Ernest R. Blatchley III PhD., PE, BCEE, a civil engineering professor at Purdue University in West Lafayette, Ind., examined the reaction between chlorine and pool/spa water containing bather contaminants, such as urine, sweat and creatinine and the resulting effects on air quality. His research reinforced that chlorine shock treatment, super chlorination or simply adding more chlorine only increases the problem when the sanitizer reacts with bather waste. Toxic chlorine byproducts (chloroform) may also be absorbed through the skin, as chloroform has been found in the blood of competitive swimmers.

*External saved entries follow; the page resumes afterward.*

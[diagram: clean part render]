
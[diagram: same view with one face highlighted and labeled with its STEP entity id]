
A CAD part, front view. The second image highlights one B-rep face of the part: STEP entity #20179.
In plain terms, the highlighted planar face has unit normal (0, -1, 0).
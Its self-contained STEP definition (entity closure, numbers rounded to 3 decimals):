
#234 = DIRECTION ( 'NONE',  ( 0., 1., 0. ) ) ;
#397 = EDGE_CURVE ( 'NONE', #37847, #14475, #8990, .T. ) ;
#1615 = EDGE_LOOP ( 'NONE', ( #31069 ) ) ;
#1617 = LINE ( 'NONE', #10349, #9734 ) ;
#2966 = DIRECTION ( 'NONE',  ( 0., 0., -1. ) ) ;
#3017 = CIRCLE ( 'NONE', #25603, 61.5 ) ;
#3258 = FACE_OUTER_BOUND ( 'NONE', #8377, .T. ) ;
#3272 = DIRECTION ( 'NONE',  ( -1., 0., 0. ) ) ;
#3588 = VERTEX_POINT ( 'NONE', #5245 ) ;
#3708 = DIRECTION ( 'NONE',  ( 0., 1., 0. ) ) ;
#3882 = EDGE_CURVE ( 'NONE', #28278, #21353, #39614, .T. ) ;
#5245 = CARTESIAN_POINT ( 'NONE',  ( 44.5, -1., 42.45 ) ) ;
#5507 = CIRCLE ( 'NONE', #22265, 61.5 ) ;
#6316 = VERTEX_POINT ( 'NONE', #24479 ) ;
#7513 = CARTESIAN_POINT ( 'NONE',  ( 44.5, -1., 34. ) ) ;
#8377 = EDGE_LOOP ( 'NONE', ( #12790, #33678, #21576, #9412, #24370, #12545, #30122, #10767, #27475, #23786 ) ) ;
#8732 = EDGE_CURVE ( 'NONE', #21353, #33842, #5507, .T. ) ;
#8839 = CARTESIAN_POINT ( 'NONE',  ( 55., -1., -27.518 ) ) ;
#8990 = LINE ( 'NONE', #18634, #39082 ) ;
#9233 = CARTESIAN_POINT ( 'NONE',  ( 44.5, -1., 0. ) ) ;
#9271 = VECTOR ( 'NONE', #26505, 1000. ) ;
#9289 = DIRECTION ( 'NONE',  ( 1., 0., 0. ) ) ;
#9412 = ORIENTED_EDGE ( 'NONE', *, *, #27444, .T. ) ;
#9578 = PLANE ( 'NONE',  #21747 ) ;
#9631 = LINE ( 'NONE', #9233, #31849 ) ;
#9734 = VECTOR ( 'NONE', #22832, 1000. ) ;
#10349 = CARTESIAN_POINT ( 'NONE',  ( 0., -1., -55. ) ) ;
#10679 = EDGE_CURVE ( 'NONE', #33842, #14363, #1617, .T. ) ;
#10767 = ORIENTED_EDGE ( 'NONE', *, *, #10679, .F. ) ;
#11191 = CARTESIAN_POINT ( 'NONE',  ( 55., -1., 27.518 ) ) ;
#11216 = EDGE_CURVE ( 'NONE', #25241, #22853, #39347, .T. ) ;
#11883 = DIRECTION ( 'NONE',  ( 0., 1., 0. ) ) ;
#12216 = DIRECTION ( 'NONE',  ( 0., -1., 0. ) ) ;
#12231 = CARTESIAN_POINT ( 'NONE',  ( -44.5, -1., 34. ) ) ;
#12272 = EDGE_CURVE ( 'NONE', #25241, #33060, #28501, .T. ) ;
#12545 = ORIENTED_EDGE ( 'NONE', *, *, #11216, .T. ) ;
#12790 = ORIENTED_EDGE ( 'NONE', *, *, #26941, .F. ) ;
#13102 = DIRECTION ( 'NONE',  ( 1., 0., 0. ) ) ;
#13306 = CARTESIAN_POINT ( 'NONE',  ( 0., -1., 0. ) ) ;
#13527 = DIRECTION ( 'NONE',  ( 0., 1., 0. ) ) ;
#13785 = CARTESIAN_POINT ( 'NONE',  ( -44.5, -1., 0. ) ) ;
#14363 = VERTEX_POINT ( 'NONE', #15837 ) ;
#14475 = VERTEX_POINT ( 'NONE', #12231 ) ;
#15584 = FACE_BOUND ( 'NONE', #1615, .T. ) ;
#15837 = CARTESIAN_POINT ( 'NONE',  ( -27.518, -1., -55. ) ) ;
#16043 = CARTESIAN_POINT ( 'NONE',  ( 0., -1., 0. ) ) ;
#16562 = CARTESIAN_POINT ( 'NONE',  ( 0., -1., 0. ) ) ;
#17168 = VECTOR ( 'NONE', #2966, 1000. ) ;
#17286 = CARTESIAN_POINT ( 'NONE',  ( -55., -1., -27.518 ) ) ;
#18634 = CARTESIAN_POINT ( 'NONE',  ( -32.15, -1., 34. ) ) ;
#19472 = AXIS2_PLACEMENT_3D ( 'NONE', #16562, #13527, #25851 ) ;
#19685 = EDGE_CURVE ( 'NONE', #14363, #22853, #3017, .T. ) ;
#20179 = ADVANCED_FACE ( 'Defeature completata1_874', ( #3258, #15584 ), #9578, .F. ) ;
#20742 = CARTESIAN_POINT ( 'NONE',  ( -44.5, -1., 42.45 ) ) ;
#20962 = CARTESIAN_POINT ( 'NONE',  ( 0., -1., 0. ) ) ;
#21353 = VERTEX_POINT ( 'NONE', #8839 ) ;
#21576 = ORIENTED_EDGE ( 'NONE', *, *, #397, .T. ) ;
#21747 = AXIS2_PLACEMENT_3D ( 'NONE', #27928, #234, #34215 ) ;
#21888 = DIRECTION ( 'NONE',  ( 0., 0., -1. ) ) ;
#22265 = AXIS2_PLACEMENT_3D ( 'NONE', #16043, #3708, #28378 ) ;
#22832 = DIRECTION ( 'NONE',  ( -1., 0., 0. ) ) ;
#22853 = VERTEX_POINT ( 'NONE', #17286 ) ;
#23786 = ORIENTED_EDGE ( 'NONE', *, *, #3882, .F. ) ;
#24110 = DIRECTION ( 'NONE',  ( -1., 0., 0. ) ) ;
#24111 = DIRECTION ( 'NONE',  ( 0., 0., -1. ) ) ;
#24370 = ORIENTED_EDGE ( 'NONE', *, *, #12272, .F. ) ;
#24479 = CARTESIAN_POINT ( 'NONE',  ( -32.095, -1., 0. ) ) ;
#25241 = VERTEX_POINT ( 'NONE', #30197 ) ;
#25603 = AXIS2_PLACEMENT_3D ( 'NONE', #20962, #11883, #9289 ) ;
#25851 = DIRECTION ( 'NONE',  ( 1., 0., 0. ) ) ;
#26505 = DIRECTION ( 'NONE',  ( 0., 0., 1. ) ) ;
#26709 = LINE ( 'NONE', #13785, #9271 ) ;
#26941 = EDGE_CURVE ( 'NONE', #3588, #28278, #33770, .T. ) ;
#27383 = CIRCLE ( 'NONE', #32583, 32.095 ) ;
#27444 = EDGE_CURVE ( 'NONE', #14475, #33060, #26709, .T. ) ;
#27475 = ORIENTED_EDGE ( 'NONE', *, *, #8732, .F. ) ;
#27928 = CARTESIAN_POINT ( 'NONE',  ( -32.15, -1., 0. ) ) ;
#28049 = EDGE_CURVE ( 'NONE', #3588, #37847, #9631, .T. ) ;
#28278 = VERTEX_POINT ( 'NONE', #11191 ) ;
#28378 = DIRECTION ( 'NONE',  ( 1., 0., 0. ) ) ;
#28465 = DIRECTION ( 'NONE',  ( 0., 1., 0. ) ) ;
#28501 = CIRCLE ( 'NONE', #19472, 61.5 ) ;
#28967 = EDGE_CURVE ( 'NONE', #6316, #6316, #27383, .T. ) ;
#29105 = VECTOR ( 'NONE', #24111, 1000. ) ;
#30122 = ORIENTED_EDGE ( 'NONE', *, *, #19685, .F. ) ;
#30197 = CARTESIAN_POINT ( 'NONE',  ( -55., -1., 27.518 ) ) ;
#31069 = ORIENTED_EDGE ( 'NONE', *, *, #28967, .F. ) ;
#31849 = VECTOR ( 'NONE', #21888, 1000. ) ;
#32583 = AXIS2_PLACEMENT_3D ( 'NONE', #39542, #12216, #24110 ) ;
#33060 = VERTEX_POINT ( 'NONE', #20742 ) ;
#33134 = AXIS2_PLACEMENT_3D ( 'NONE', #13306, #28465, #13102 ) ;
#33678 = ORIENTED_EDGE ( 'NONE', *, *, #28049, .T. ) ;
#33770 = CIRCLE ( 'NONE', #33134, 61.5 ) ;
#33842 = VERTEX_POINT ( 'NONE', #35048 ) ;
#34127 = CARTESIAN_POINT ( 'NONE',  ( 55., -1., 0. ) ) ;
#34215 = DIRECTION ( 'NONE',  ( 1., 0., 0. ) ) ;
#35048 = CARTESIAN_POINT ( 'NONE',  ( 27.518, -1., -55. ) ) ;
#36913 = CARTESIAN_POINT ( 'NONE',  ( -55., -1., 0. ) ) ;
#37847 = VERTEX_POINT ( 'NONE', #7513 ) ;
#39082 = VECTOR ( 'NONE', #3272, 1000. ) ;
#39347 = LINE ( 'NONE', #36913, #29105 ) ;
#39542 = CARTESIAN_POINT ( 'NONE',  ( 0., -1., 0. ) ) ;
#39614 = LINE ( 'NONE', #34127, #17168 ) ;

Swimmers naturally leave behind ‘bather waste’ simply by exercising in a pool or spa. When sweat reacts with hypochlorous acid (HOCl) (free chlorine) byproducts are formed, which can be hazardous to bathers drawing air into their lungs at the surface of the water. For example, in a 400,000-L (100,000-gal) indoor swimming pool with 300 to 500 bathers per day, the volume of bather waste is approximately 300 to 500 L (79 to 132 gal). This includes fecal matter, body lotions, under arm deodorant, skin creams, cosmetics, hair care products, suntan lotions and skin flakes.
According to recent statistics from the Centers for Disease Control and Prevention (CDC), one in five bathers will urinate while in a pool or spa. This is a great concern for bather health, due to the toxic chlorine byproducts that are created. As previously mentioned, simply adding more chlorine is not the solution, as it only creates additional problems—especially for indoor aquatic facilities. With more than 187 toxic byproducts identified to date, higher chlorine concentration in the water will facilitate the production of more toxic byproducts, which in turn reduces air quality.

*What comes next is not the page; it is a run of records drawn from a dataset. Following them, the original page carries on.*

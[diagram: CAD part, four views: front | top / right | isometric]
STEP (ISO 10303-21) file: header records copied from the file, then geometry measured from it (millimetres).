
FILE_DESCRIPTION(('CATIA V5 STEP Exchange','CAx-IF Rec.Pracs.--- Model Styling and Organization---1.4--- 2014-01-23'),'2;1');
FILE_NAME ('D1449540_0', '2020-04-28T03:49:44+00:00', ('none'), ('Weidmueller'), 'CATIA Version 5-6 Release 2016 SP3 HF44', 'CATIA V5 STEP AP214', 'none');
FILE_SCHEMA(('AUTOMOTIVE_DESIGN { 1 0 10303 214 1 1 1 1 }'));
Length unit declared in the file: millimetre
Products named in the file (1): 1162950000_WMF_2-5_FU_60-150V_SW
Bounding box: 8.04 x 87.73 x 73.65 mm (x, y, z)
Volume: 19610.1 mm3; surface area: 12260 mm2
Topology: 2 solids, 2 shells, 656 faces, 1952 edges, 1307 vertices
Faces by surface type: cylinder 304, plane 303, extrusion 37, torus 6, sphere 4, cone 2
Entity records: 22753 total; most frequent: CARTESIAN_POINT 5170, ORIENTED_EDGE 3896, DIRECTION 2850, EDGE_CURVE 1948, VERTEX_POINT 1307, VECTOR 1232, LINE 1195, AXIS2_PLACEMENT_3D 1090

Laboratory setting yields different results
When methods such as chlorine shock and ‘breakpoint’ chlorination were originally discussed in the 1970s, tests were performed in a lab setting with chlorine and ammonia and not in an actual pool/spa environment. During Blatchley’s study it was discovered that very little ammonia exists in swimming pool water; however, a large amount of chloramines were present. Indoor air quality problems originate from chloramines, which are formed in all pools when chlorine molecules attach to ammonia and other organic byproducts of the human body. Sweat, urine or other types of ammonia are the most common sources of nitrate in pools.

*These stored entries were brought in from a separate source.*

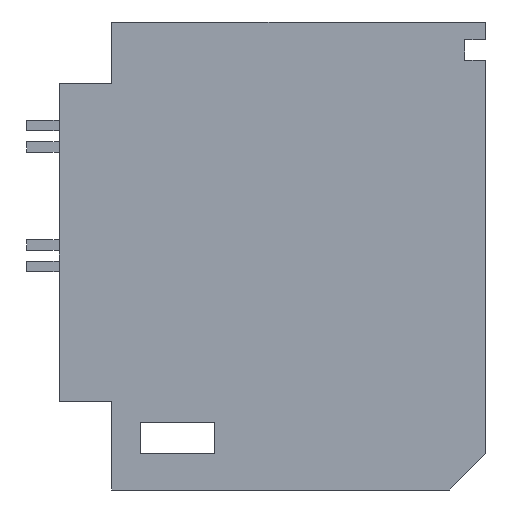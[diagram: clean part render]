
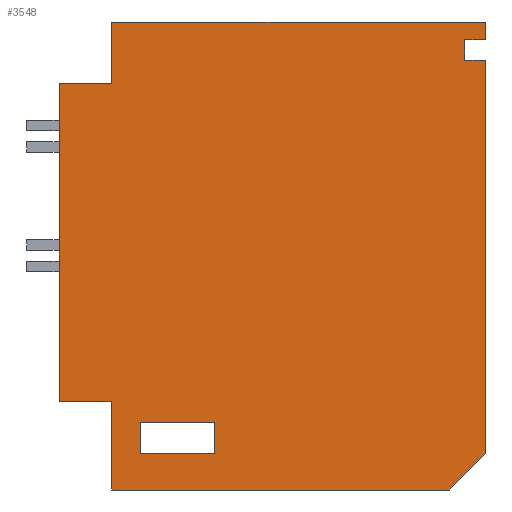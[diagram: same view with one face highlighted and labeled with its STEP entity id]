
A CAD part, left-side view. The second image highlights one B-rep face of the part: STEP entity #3548.
In plain terms, the highlighted planar face has unit normal (-1, 0, 0).
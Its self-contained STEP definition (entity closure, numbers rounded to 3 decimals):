
#1=DIRECTION('',(0.,-1.,0.));
#2=VECTOR('',#1,49.264);
#3=CARTESIAN_POINT('',(0.,-100.,-355.23));
#4=LINE('',#3,#2);
#5=DIRECTION('',(0.,-1.,0.));
#6=VECTOR('',#5,49.264);
#7=CARTESIAN_POINT('',(0.,-100.,-57.953));
#8=LINE('',#7,#6);
#9=DIRECTION('',(0.,0.,-1.));
#10=VECTOR('',#9,57.953);
#11=CARTESIAN_POINT('',(0.,-149.264,0.));
#12=LINE('',#11,#10);
#13=DIRECTION('',(0.,-1.,0.));
#14=VECTOR('',#13,350.236);
#15=CARTESIAN_POINT('',(0.,-149.264,0.));
#16=LINE('',#15,#14);
#17=DIRECTION('',(0.,0.,-1.));
#18=VECTOR('',#17,16.492);
#19=CARTESIAN_POINT('',(0.,-499.5,0.));
#20=LINE('',#19,#18);
#21=DIRECTION('',(0.,1.,0.));
#22=VECTOR('',#21,19.41);
#23=CARTESIAN_POINT('',(0.,-499.5,-16.492));
#24=LINE('',#23,#22);
#25=DIRECTION('',(0.,0.,1.));
#26=VECTOR('',#25,19.41);
#27=CARTESIAN_POINT('',(0.,-480.09,-35.902));
#28=LINE('',#27,#26);
#29=DIRECTION('',(0.,1.,0.));
#30=VECTOR('',#29,19.41);
#31=CARTESIAN_POINT('',(0.,-499.5,-35.902));
#32=LINE('',#31,#30);
#33=DIRECTION('',(0.,0.,-1.));
#34=VECTOR('',#33,368.488);
#35=CARTESIAN_POINT('',(0.,-499.5,-35.902));
#36=LINE('',#35,#34);
#37=DIRECTION('',(0.,-0.707,0.707));
#38=VECTOR('',#37,48.239);
#39=CARTESIAN_POINT('',(0.,-465.39,-438.5));
#40=LINE('',#39,#38);
#41=DIRECTION('',(0.,1.,0.));
#42=VECTOR('',#41,316.125);
#43=CARTESIAN_POINT('',(0.,-465.39,-438.5));
#44=LINE('',#43,#42);
#45=DIRECTION('',(0.,0.,1.));
#46=VECTOR('',#45,83.27);
#47=CARTESIAN_POINT('',(0.,-149.264,-438.5));
#48=LINE('',#47,#46);
#49=DIRECTION('',(0.,0.,1.));
#50=VECTOR('',#49,29.401);
#51=CARTESIAN_POINT('',(0.,-176.215,-404.231));
#52=LINE('',#51,#50);
#53=DIRECTION('',(0.,1.,0.));
#54=VECTOR('',#53,69.419);
#55=CARTESIAN_POINT('',(0.,-245.634,-404.231));
#56=LINE('',#55,#54);
#57=DIRECTION('',(0.,0.,-1.));
#58=VECTOR('',#57,29.401);
#59=CARTESIAN_POINT('',(0.,-245.634,-374.83));
#60=LINE('',#59,#58);
#61=DIRECTION('',(0.,-1.,0.));
#62=VECTOR('',#61,69.419);
#63=CARTESIAN_POINT('',(0.,-176.215,-374.83));
#64=LINE('',#63,#62);
#665=DIRECTION('',(0.,0.,-1.));
#666=VECTOR('',#665,297.277);
#667=CARTESIAN_POINT('',(0.,-100.,-57.953));
#668=LINE('',#667,#666);
#2681=CARTESIAN_POINT('',(0.,-499.5,0.));
#2683=VERTEX_POINT('',#2681);
#2733=CARTESIAN_POINT('',(0.,-100.,-355.23));
#2734=CARTESIAN_POINT('',(0.,-149.264,-355.23));
#2735=VERTEX_POINT('',#2733);
#2736=VERTEX_POINT('',#2734);
#2737=CARTESIAN_POINT('',(0.,-149.264,-438.5));
#2738=VERTEX_POINT('',#2737);
#2739=CARTESIAN_POINT('',(0.,-149.264,0.));
#2740=CARTESIAN_POINT('',(0.,-149.264,-57.953));
#2741=VERTEX_POINT('',#2739);
#2742=VERTEX_POINT('',#2740);
#2743=CARTESIAN_POINT('',(0.,-100.,-57.953));
#2744=VERTEX_POINT('',#2743);
#2745=CARTESIAN_POINT('',(0.,-499.5,-35.902));
#2746=CARTESIAN_POINT('',(0.,-480.09,-35.902));
#2747=VERTEX_POINT('',#2745);
#2748=VERTEX_POINT('',#2746);
#2749=CARTESIAN_POINT('',(0.,-480.09,-16.492));
#2750=VERTEX_POINT('',#2749);
#2751=CARTESIAN_POINT('',(0.,-499.5,-16.492));
#2752=VERTEX_POINT('',#2751);
#2753=CARTESIAN_POINT('',(0.,-176.215,-404.231));
#2754=CARTESIAN_POINT('',(0.,-176.215,-374.83));
#2755=VERTEX_POINT('',#2753);
#2756=VERTEX_POINT('',#2754);
#2757=CARTESIAN_POINT('',(0.,-245.634,-374.83));
#2758=VERTEX_POINT('',#2757);
#2759=CARTESIAN_POINT('',(0.,-245.634,-404.231));
#2760=VERTEX_POINT('',#2759);
#2761=CARTESIAN_POINT('',(0.,-465.39,-438.5));
#2762=CARTESIAN_POINT('',(0.,-499.5,-404.39));
#2763=VERTEX_POINT('',#2761);
#2764=VERTEX_POINT('',#2762);
#3505=CARTESIAN_POINT('',(0.,0.,0.));
#3506=DIRECTION('',(1.,0.,0.));
#3507=DIRECTION('',(0.,-1.,0.));
#3508=AXIS2_PLACEMENT_3D('',#3505,#3506,#3507);
#3509=PLANE('',#3508);
#3511=ORIENTED_EDGE('',*,*,#3510,.F.);
#3513=ORIENTED_EDGE('',*,*,#3512,.F.);
#3515=ORIENTED_EDGE('',*,*,#3514,.T.);
#3517=ORIENTED_EDGE('',*,*,#3516,.F.);
#3519=ORIENTED_EDGE('',*,*,#3518,.T.);
#3521=ORIENTED_EDGE('',*,*,#3520,.T.);
#3523=ORIENTED_EDGE('',*,*,#3522,.T.);
#3525=ORIENTED_EDGE('',*,*,#3524,.F.);
#3527=ORIENTED_EDGE('',*,*,#3526,.F.);
#3529=ORIENTED_EDGE('',*,*,#3528,.T.);
#3531=ORIENTED_EDGE('',*,*,#3530,.F.);
#3533=ORIENTED_EDGE('',*,*,#3532,.T.);
#3535=ORIENTED_EDGE('',*,*,#3534,.T.);
#3536=EDGE_LOOP('',(#3511,#3513,#3515,#3517,#3519,#3521,#3523,#3525,#3527,#3529,
#3531,#3533,#3535));
#3537=FACE_OUTER_BOUND('',#3536,.F.);
#3539=ORIENTED_EDGE('',*,*,#3538,.F.);
#3541=ORIENTED_EDGE('',*,*,#3540,.F.);
#3543=ORIENTED_EDGE('',*,*,#3542,.F.);
#3545=ORIENTED_EDGE('',*,*,#3544,.F.);
#3546=EDGE_LOOP('',(#3539,#3541,#3543,#3545));
#3547=FACE_BOUND('',#3546,.F.);
#3548=ADVANCED_FACE('',(#3537,#3547),#3509,.F.);
#3510=EDGE_CURVE('',#2735,#2736,#4,.T.);
#3512=EDGE_CURVE('',#2744,#2735,#668,.T.);
#3514=EDGE_CURVE('',#2744,#2742,#8,.T.);
#3516=EDGE_CURVE('',#2741,#2742,#12,.T.);
#3518=EDGE_CURVE('',#2741,#2683,#16,.T.);
#3520=EDGE_CURVE('',#2683,#2752,#20,.T.);
#3522=EDGE_CURVE('',#2752,#2750,#24,.T.);
#3524=EDGE_CURVE('',#2748,#2750,#28,.T.);
#3526=EDGE_CURVE('',#2747,#2748,#32,.T.);
#3528=EDGE_CURVE('',#2747,#2764,#36,.T.);
#3530=EDGE_CURVE('',#2763,#2764,#40,.T.);
#3532=EDGE_CURVE('',#2763,#2738,#44,.T.);
#3534=EDGE_CURVE('',#2738,#2736,#48,.T.);
#3538=EDGE_CURVE('',#2755,#2756,#52,.T.);
#3540=EDGE_CURVE('',#2760,#2755,#56,.T.);
#3542=EDGE_CURVE('',#2758,#2760,#60,.T.);
#3544=EDGE_CURVE('',#2756,#2758,#64,.T.);

Urea [(NH2)2CO], the precursor to nitrogen trichloride (NCl3), is a solid, colourless and odourless organic compound; however, the ammonia, which it gives off in the presence of water, including water vapour in the air, has a strong odour. Nitrogen trichloride is a strong-smelling liquid, which is most commonly encountered as a byproduct of chemical reactions between ammonia-derivatives and chlorine (e.g. in swimming pools between the sanitizer (chlorine) and urea in urine from bathers).
The formation of nitrogen trichloride can be prevented by using Hydroxan,® a liquid compound that forms chlorine dioxide (ClO2) when introduced into chlorinated pool/spa water. Chlorine dioxide is a powerful oxidizing agent, which does not form undesirable chlorine byproducts as a result of oxidation. However, using the procedure known as ‘breakpoint’ conventional shock chlorination is not likely to be effective in controlling urea, as it is slow to react and produces nitrogen trichloride, which is corrosive to the building envelope as well as bathers, according to Blatchley and numerous other scientists throughout the world who haven written practical scientific papers based on tests performed in the swimming pool environment.